● EXTRACTED MATERIAL
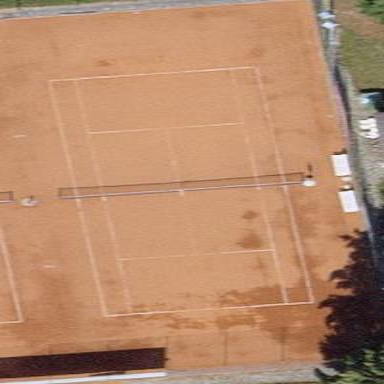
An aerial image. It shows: Sandy tennis court on pitch designated for leisure land.
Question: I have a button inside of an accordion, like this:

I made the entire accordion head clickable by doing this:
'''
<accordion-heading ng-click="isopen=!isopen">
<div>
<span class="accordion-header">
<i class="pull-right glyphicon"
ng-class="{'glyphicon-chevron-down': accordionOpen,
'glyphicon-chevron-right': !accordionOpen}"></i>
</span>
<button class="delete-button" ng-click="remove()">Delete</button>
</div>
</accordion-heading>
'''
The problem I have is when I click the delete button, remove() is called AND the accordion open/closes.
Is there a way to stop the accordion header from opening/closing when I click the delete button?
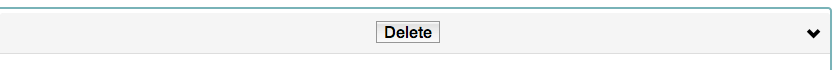
Answer: You can use '$event.preventDefault(); $event.stopPropagation();':
'''
<button class="delete-button" ng-click="
$event.preventDefault(); $event.stopPropagation(); remove()">Delete</button>
'''
The click event object is accessible in ng-click as '$event'. <URL> will stop the event from reaching the accordion-heading click handler.
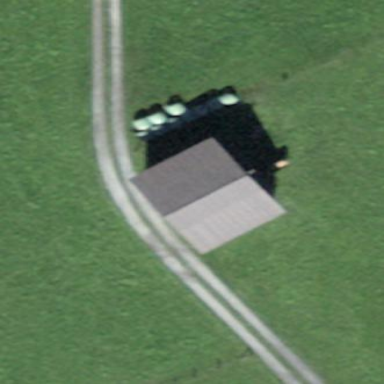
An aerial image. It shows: Rural barn.
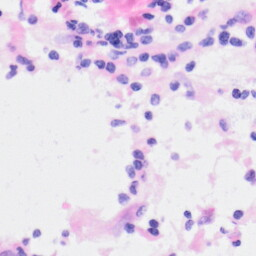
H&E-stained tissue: Kidney

● EXERCISE DIRECTIONS
Transcribe all entries above exactly. Omit the pictures.

● TASK RESPONSE
An aerial image. It shows: Sandy tennis court on pitch designated for leisure land.
Question: I have a button inside of an accordion, like this:

I made the entire accordion head clickable by doing this:
'''
<accordion-heading ng-click="isopen=!isopen">
<div>
<span class="accordion-header">
<i class="pull-right glyphicon"
ng-class="{'glyphicon-chevron-down': accordionOpen,
'glyphicon-chevron-right': !accordionOpen}"></i>
</span>
<button class="delete-button" ng-click="remove()">Delete</button>
</div>
</accordion-heading>
'''
The problem I have is when I click the delete button, remove() is called AND the accordion open/closes.
Is there a way to stop the accordion header from opening/closing when I click the delete button?
Answer: You can use '$event.preventDefault(); $event.stopPropagation();':
'''
<button class="delete-button" ng-click="
$event.preventDefault(); $event.stopPropagation(); remove()">Delete</button>
'''
The click event object is accessible in ng-click as '$event'. <URL> will stop the event from reaching the accordion-heading click handler.
An aerial image. It shows: Rural barn.
H&E-stained tissue: Kidney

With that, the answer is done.